XLNET

XLNET

Original address of paper

https://arxiv.org/abs/1906.08237

Reason the idea come up

XLNET uses the AR method to implement the language model.

AR has the unidirectional limitation. And, AE has issue in MASK. In fine tuning phase, input of BERT without data with MASK, showing the discrepancy, and author thought that BERT assume the predicted token as independent word is oversimplified the natural language. Therefore, the XLNET is created to leverage best of AR and AE to avoid the limitation.

Main idea of the technology

Firstly, standing at the conventional AG mode

permutation

instead of forward or backward of sequence, XLNET have all possible permutations

this operation aims to get the bidirectional context like BERT.

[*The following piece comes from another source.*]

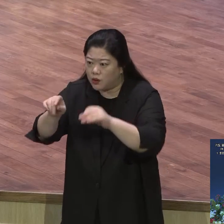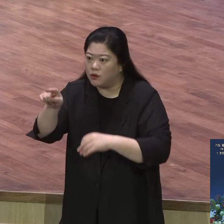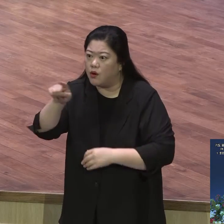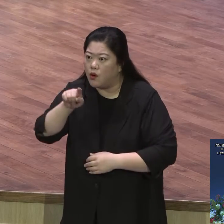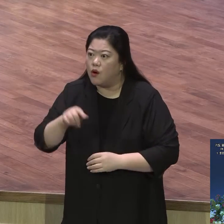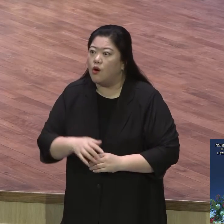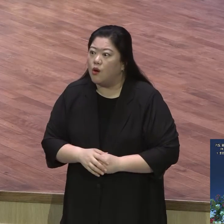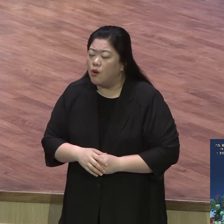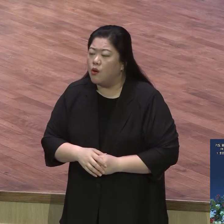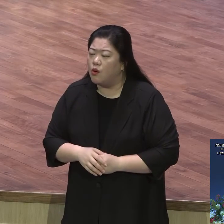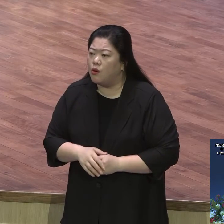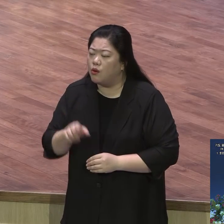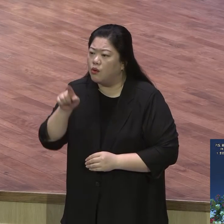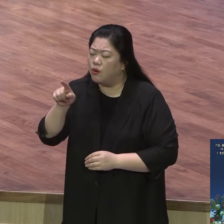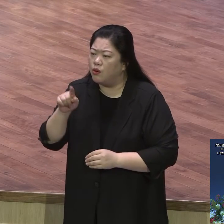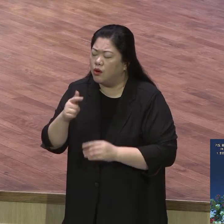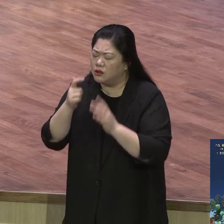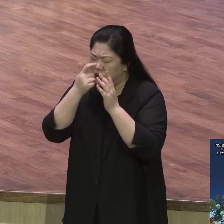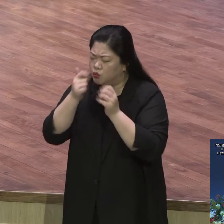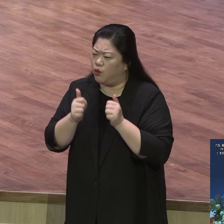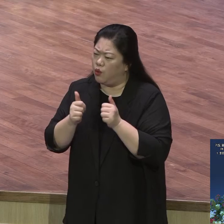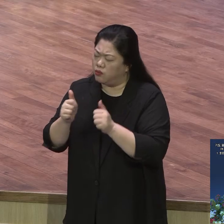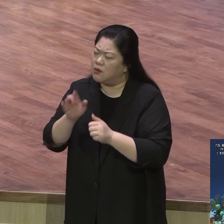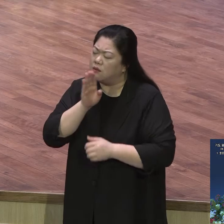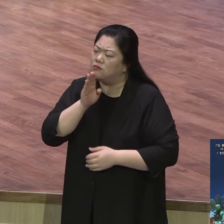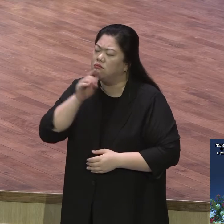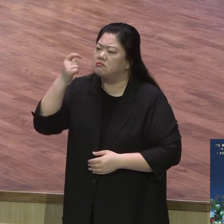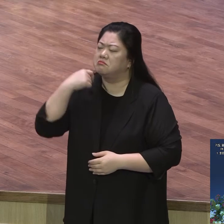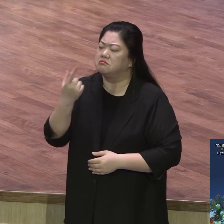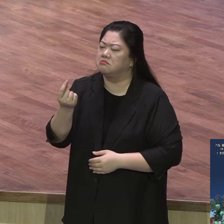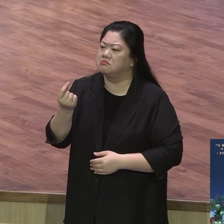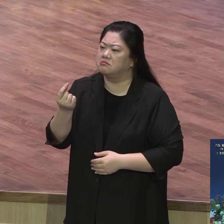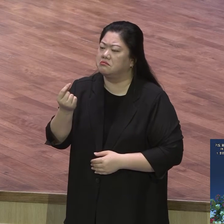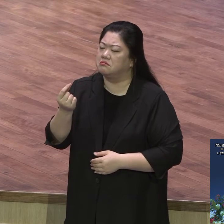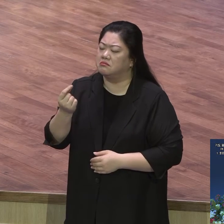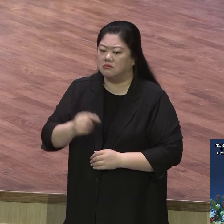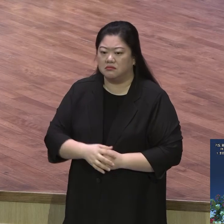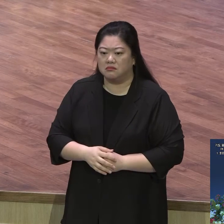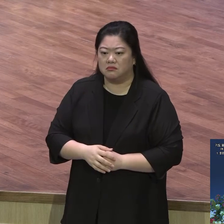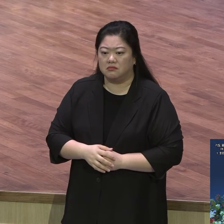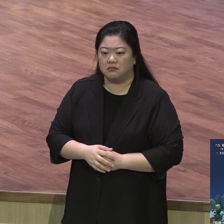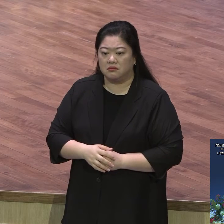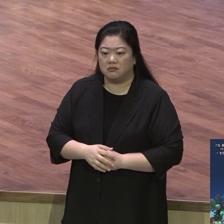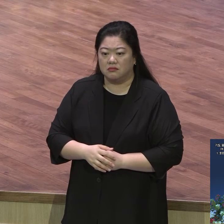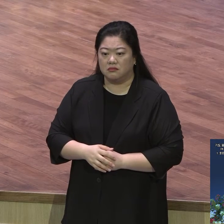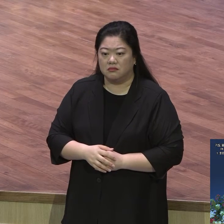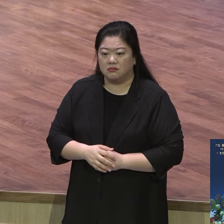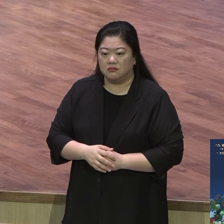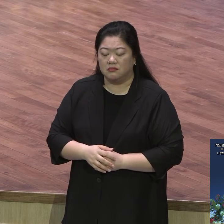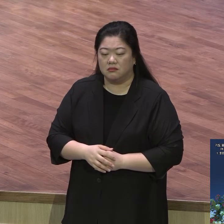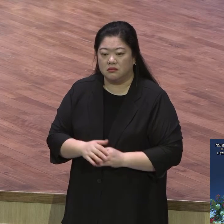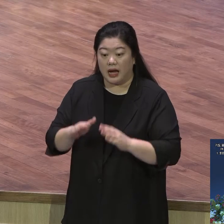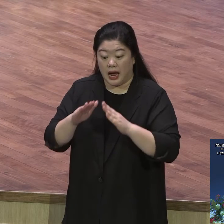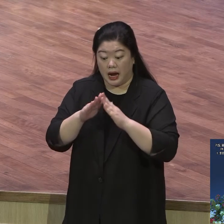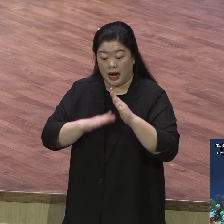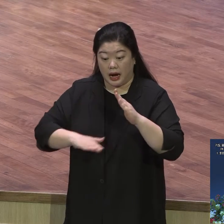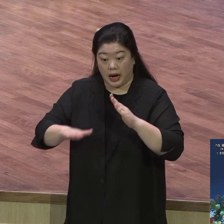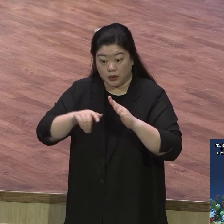누군지 몰라 예를 들어서 가정 가족이라도 아 기도하는 우리 아버지 기도하는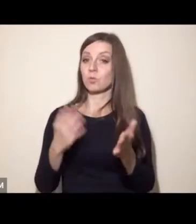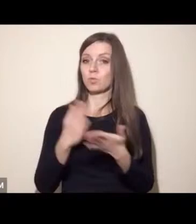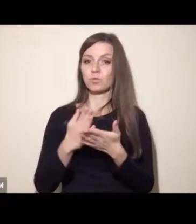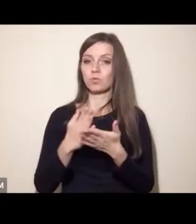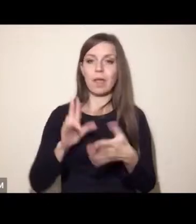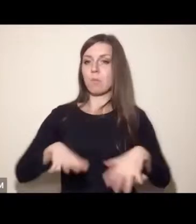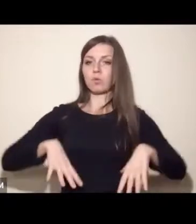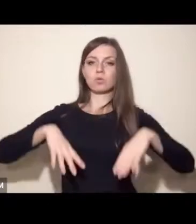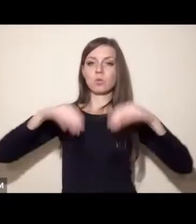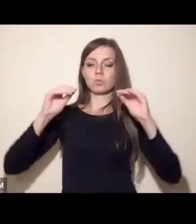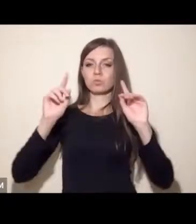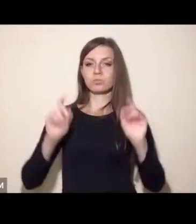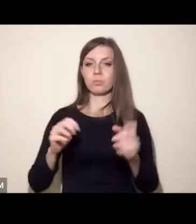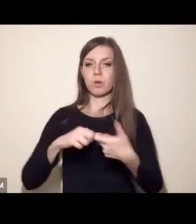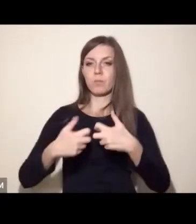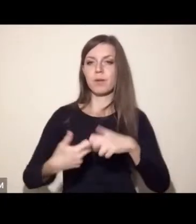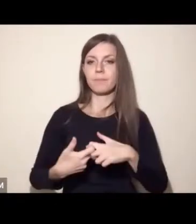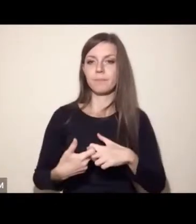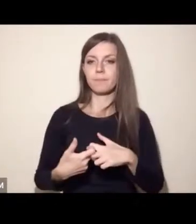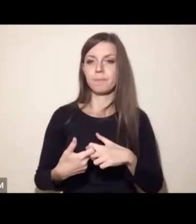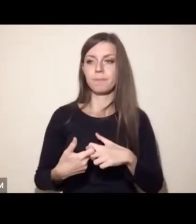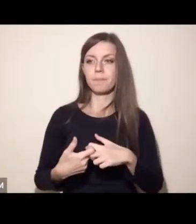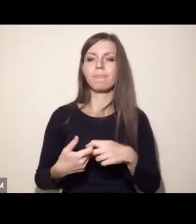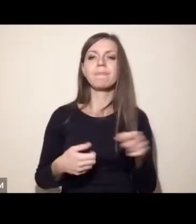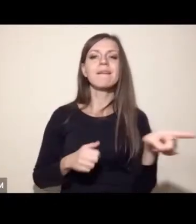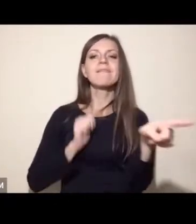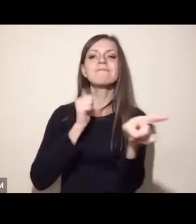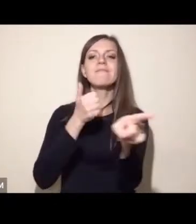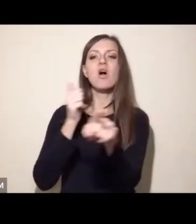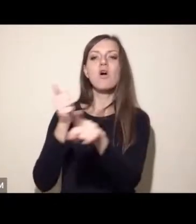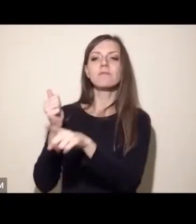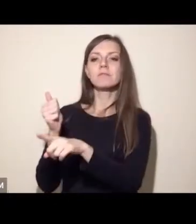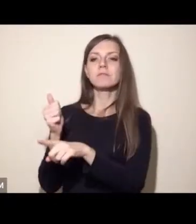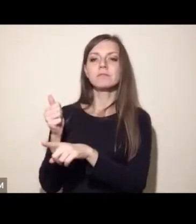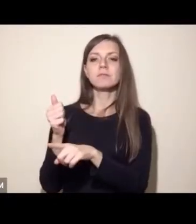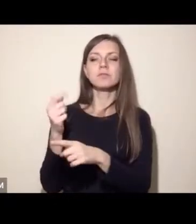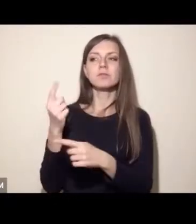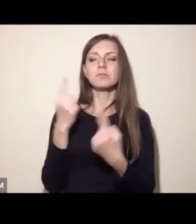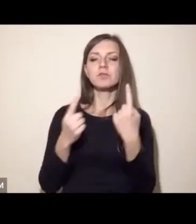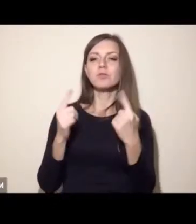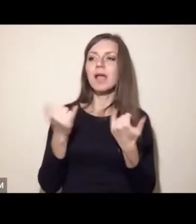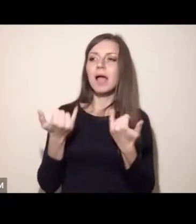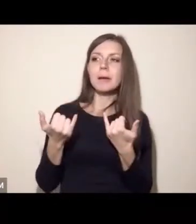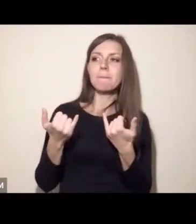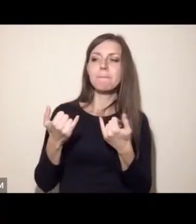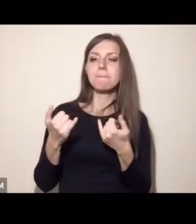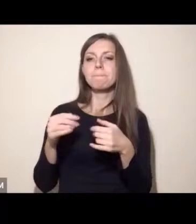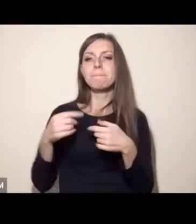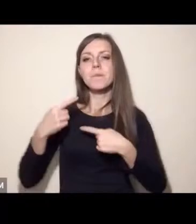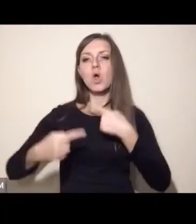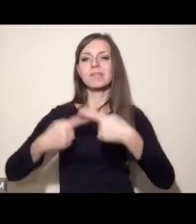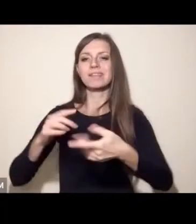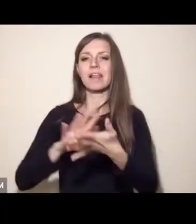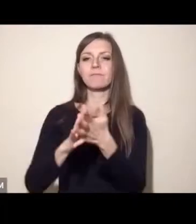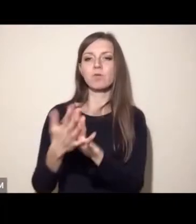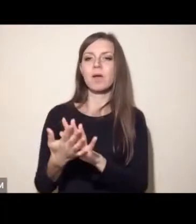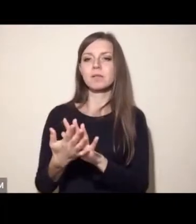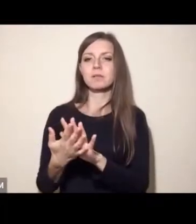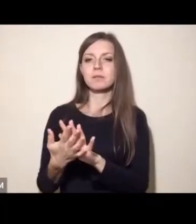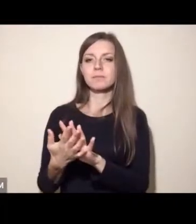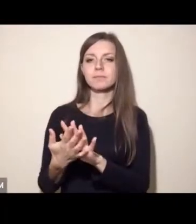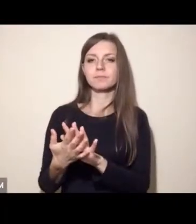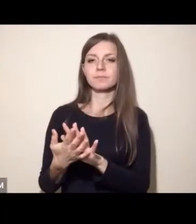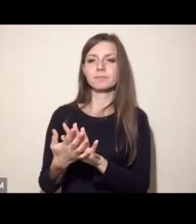że kiedy specjaliści mapują proces transformacji a było coś takiego robione przez

In detail, XLNET create the all permutations and randomly choose some cases to predict some masked words in end of sequence. e.g., 1,2,3,4,5,6,7 → use 1,2,4,5,6,7 to predict 3. No matter the order is.

Meanwhile, how to decide the length of predict token? there is a hyper parameter K, which is equal the length of sequence dividing by length of predicted token.

The implementation of permutation is the mask in transformer’s attention.

Two-Stream Self-Attention

In the case of 1342 and 1324, when we want to predict the place of 3, i.e. (target 4 or 2), the word they could see are same, which is not right. Therefore, we introduce the Two-Stream Self-Attention.

  1. h, the content representation
  2. g, the query representation, access to contextual and position information, but without content

Thinking

The paper also incorporating the idea from Transformer-XL. (seems aims for long text task) (relative position encoding and fragment loop?)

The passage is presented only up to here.